Broad Band Photon Harvesting Biomolecules for Photovoltaics

TL;DR

This paper explores the use of melanins as stable, broad-spectrum photon harvesting materials in dye-sensitized solar cells, offering a potentially cheaper and more durable alternative to ruthenium complexes.

Contribution

It introduces melanins as novel, bio-compatible photon harvesting molecules for photovoltaic applications, demonstrating their effectiveness in solar cells.

Findings

Melanin-based solar cells show broad absorption and stability.

Melanins can be synthesized cheaply and are bio-compatible.

Demonstrated a working melanin-based regenerative solar cell.

Abstract

We discuss the key principles of artificial photosynthesis for photovoltaic energy conversion. We demonstrate these principles by examining the operation of the so-called "dye sensitized solar cell" (DSSC) - a photoelectrochemical device which simulates the charge separation process across a nano-structured membrane that is characteristic of natural systems. These type of devices have great potential to challenge silicon semiconductor technology in the low cost, medium efficiency segment of the PV market.

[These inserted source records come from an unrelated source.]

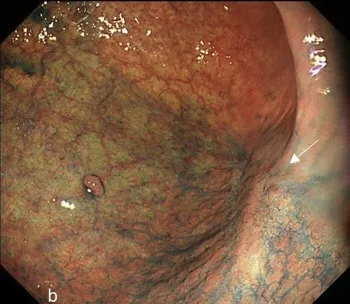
Upper gastrointestinal endoscopy. . B) In 2016, there was no relapse at the site of the post-ESD ulcerative scar (arrow).
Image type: endoscopy (gi_endoscopy)
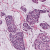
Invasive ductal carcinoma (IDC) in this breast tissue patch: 1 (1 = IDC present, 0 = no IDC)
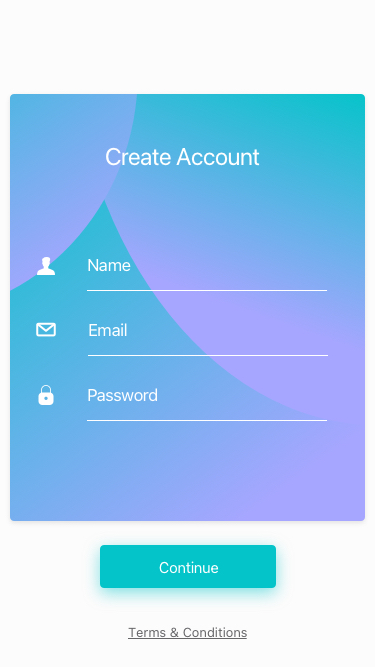
Text in this UI design:
Name
Email
Password
Create Account
Terms & Conditions
Continue
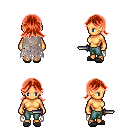
a pixel art fantasy rpg character, female body template, human, tanned skin, gray tattered cape, teal pants, red loose hair, gray slippers, dagger, four views (front, back, left, right), 2x2 character sprite sheet, small pixel art, hard edges, no anti-aliasing
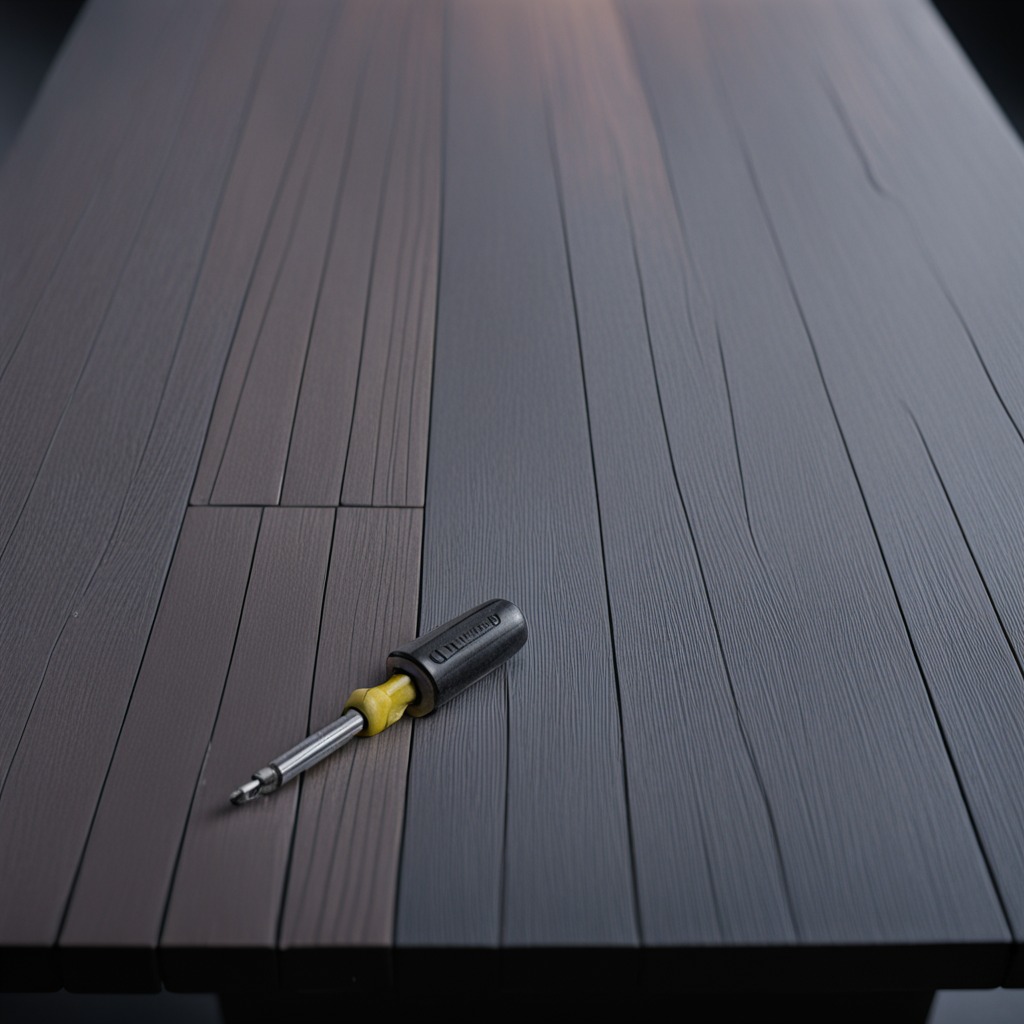
A screwdriver lies on a table with faint burn marks in a small garage at twilight.
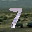
Label: 7
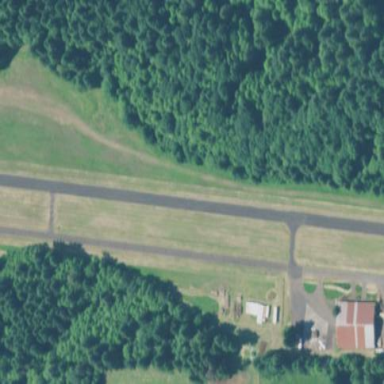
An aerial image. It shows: Asphalt surface in the airport runway area.
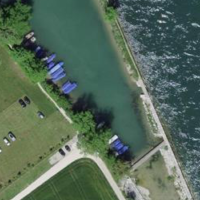
EUNIS habitat code: 15
Species observed at this site:
Juglans regia
Plantago media
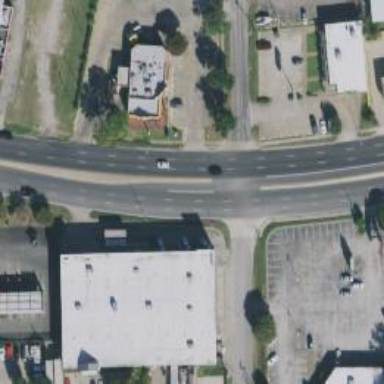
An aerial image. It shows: Primary highway with separate sidewalk.
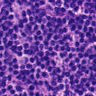
Metastatic tissue present: no
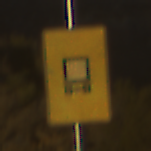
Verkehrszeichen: KennzeichnungspflichtigeFahrzeugeGefaehrlicheGueterOhnePfeilsymbol
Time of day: SunriseSunset
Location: Outdoor (Nature)
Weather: Clear
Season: NotSpecified
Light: Natural
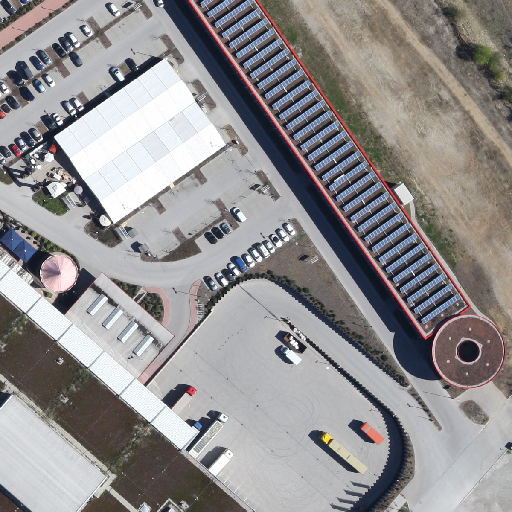
Referring expression: impervious surface
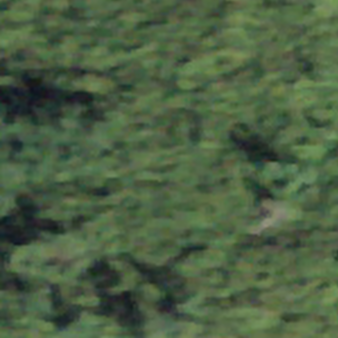
Label: other
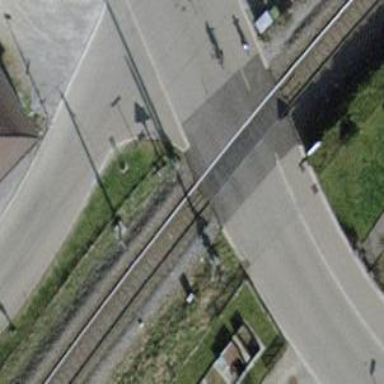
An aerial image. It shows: Level crossing at the railway with full barrier.
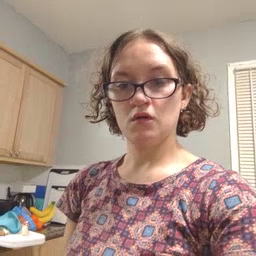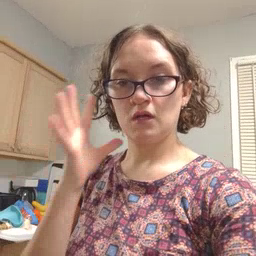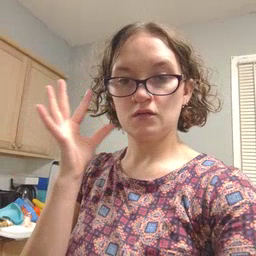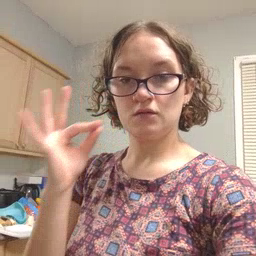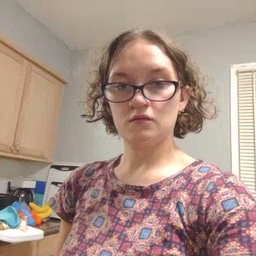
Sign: cat
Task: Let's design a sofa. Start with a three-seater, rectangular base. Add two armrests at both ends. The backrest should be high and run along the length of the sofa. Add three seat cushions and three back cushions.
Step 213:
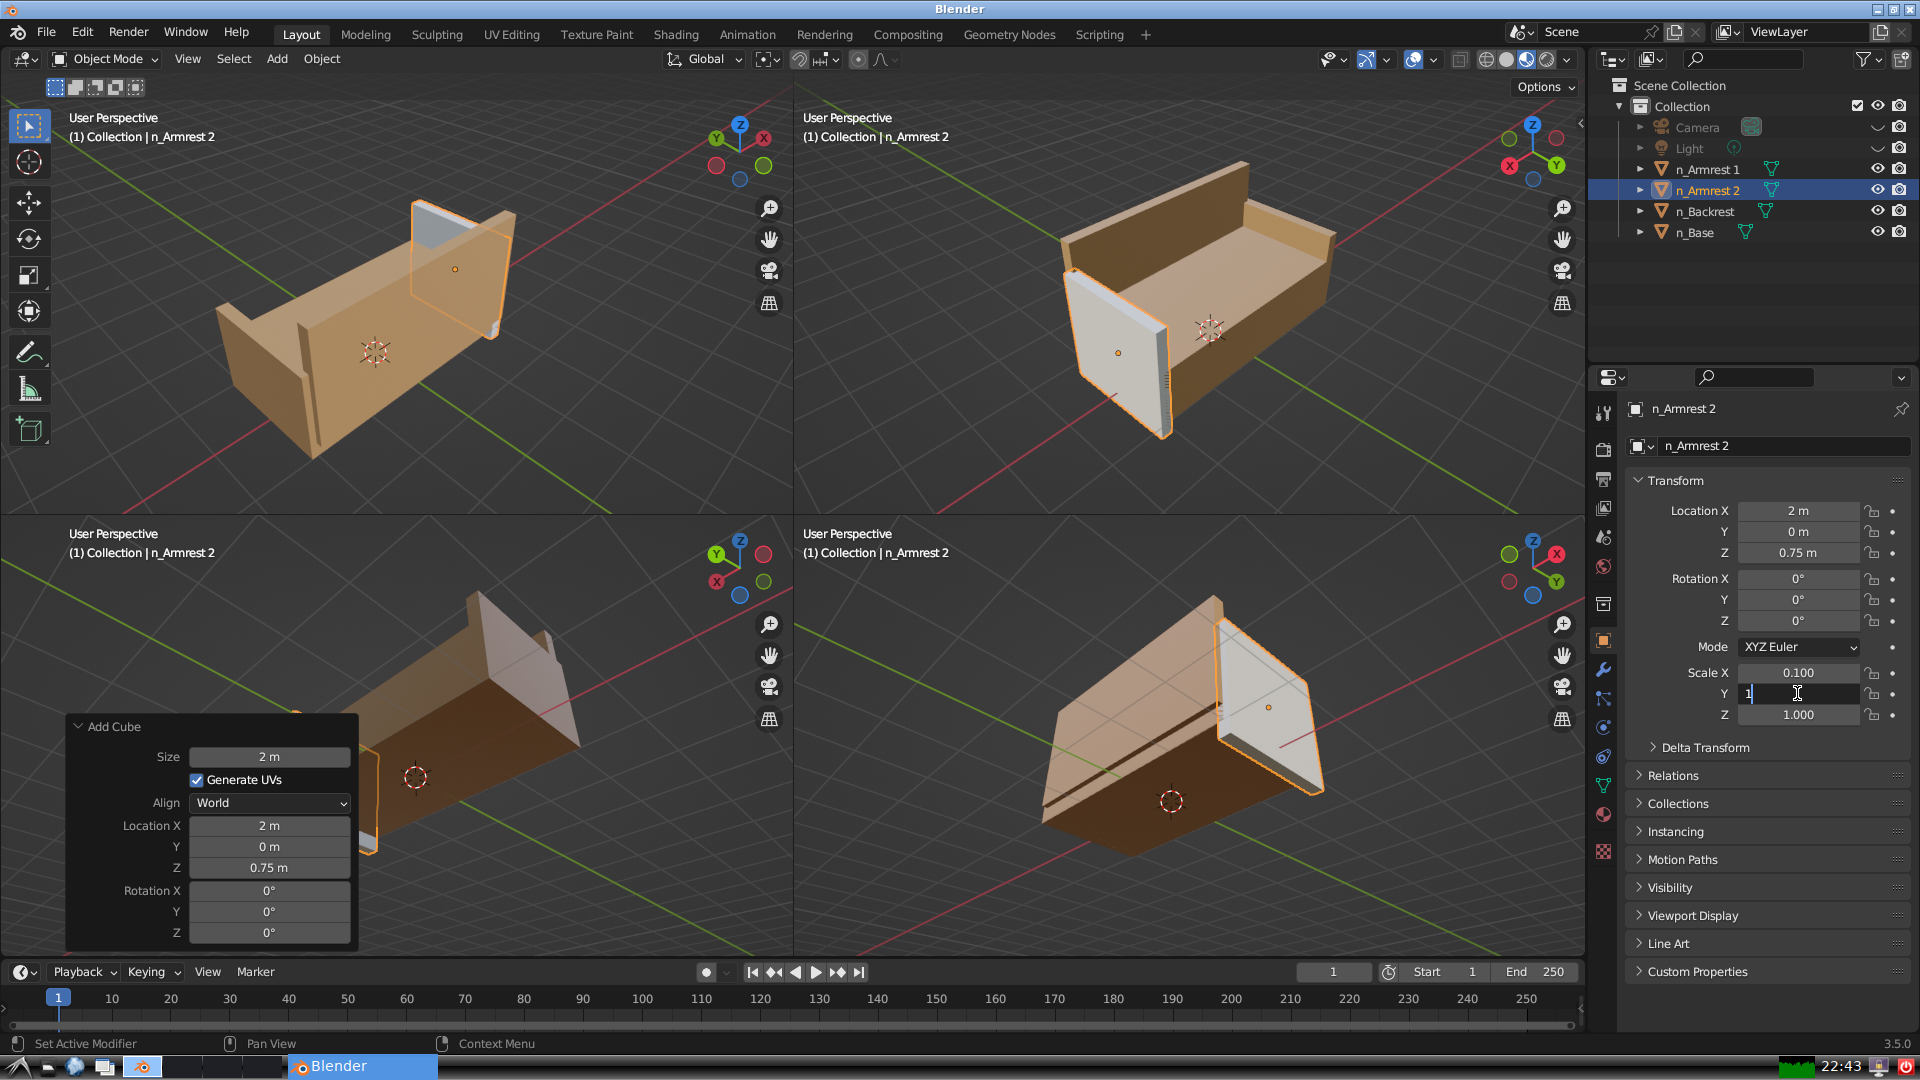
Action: {"key_press": ['Return']}
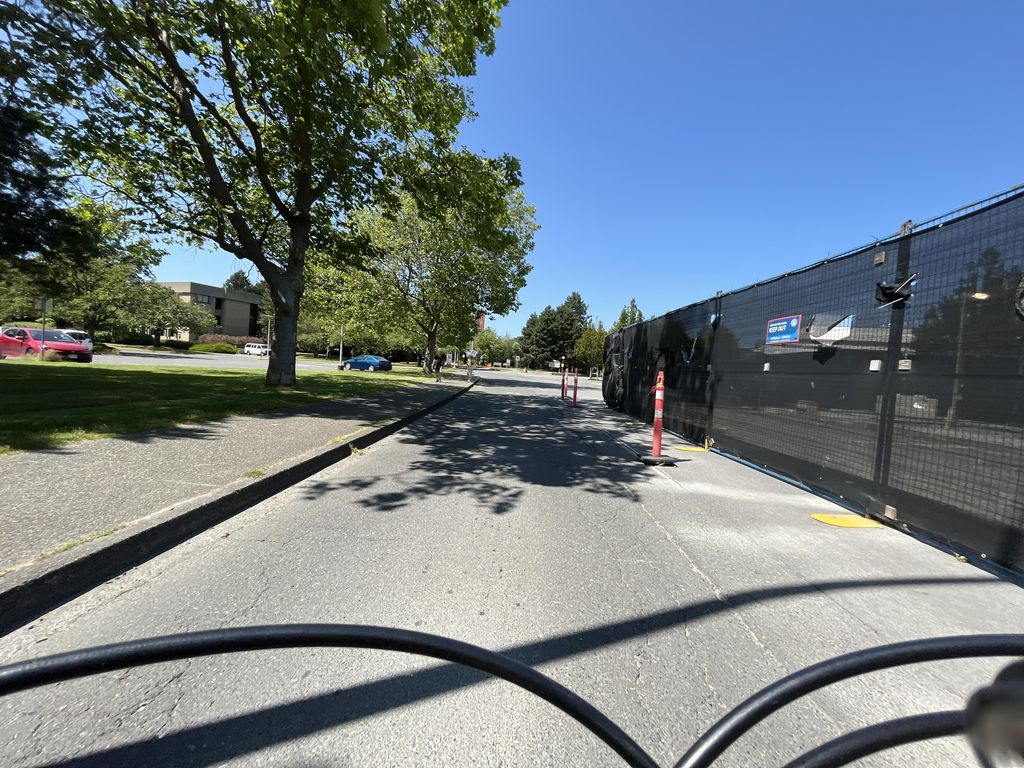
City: victoria
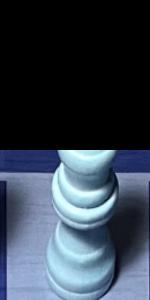
Label: Queen_White
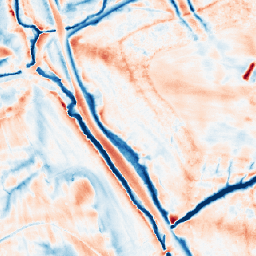
Category: edge_preserving
Decomposition family: guided
Decomposition parameters: radius: 8
eps: 0.001
Upsampling method: nearest
Upsampling parameters: scale: 4
Upsampling scale: 4
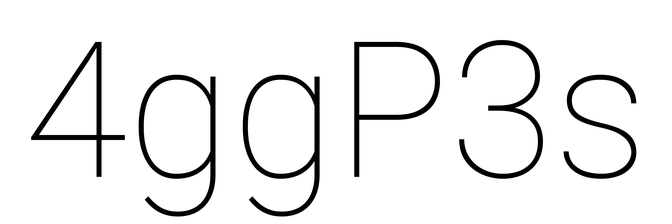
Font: Roboto_Thin
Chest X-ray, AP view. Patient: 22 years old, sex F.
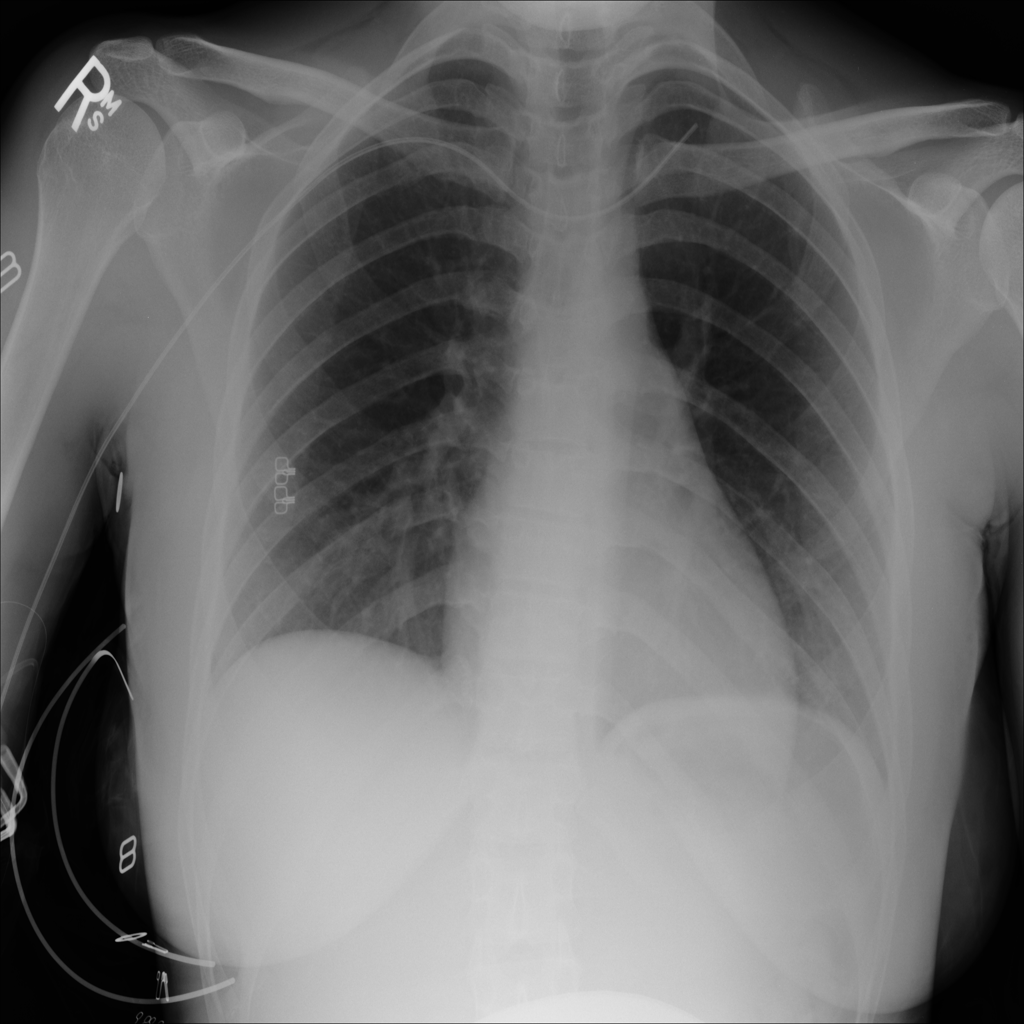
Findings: No Finding
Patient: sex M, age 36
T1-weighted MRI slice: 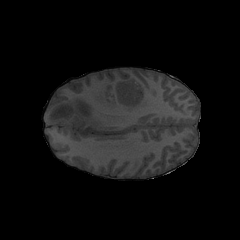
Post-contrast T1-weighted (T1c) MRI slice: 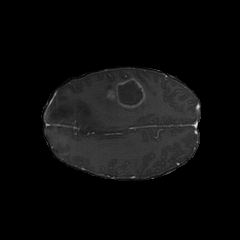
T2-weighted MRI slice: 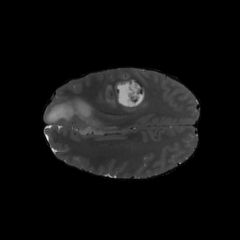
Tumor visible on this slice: yes
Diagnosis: Glioblastoma, IDH-wildtype
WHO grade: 4
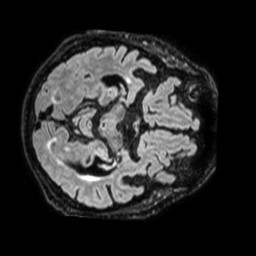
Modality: FLAIR
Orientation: axial
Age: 80
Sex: male
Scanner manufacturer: philips
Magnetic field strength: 1.5 T
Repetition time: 4.8 s
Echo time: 0.3361 s
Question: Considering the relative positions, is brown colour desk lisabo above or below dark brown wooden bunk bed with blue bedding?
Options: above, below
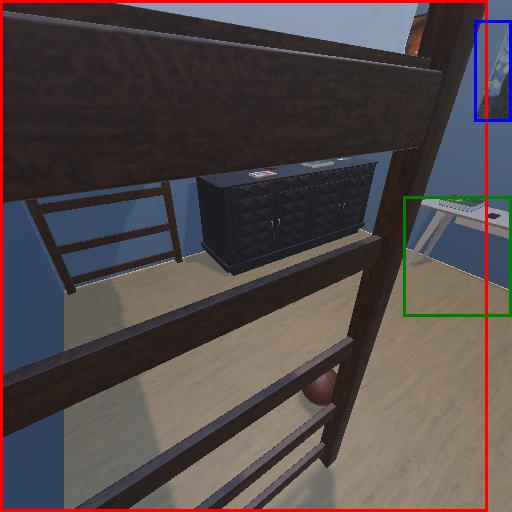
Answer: above
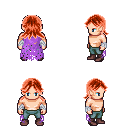
a pixel art fantasy rpg character, male body template, human, light skin, maroon tattered cape, teal pants, red loose hair, white cloth bandages, maroon shoes, four views (front, back, left, right), 2x2 character sprite sheet, small pixel art, hard edges, no anti-aliasing
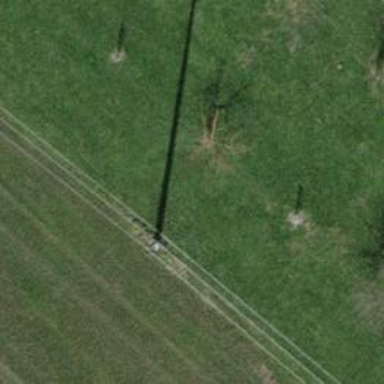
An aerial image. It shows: Minor power line with 3 cables.
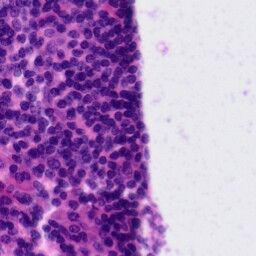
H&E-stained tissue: Tonsil
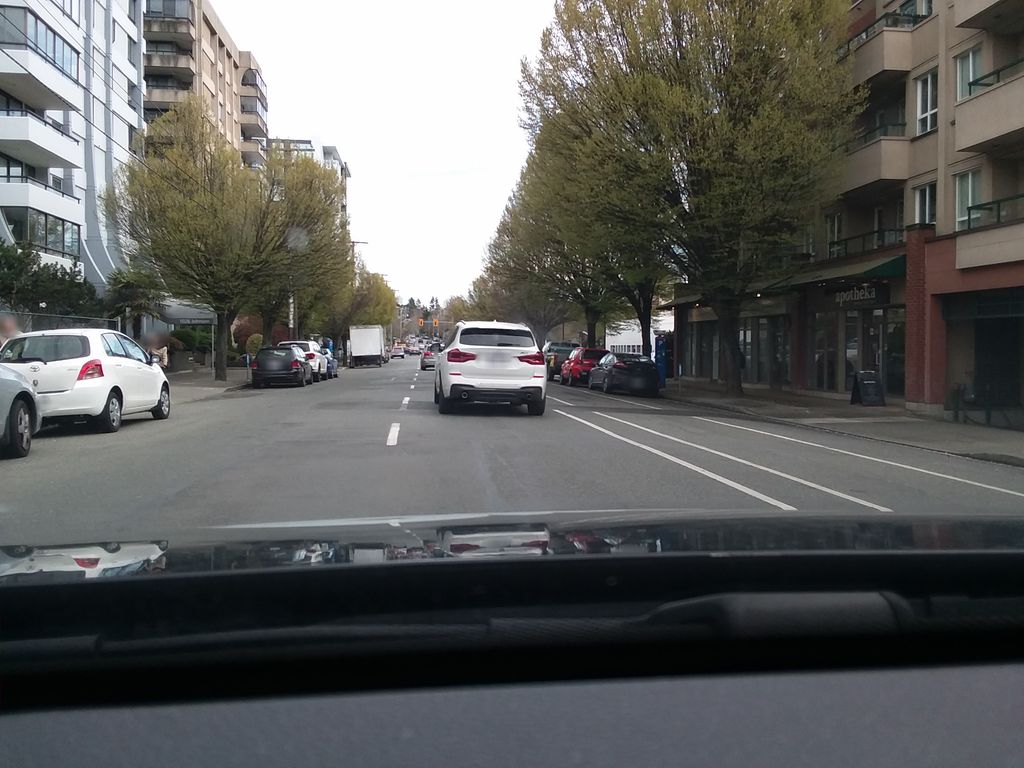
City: victoria
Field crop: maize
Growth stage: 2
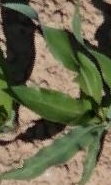
Species: maize
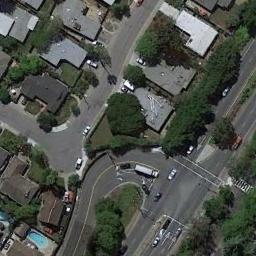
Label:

Ruthenium charge transfer complexes are currently used as the photon harvesting components in DSSCs. They produce a relatively broad band UV and visible response, but have long term stability problems and are expensive to manufacture. We suggest that a class of biological macromolecules called the melanins may be suitable replacements for the ruthenium complexes. They have strong, broad band absorption, are chemically and photochemically very stable, can be cheaply and easily synthesized, and are also bio-available and bio-compatible. We demonstrate a melanin-based regenerative solar cell, and discuss the key properties that are necessary for an effective broad band photon harvesting system.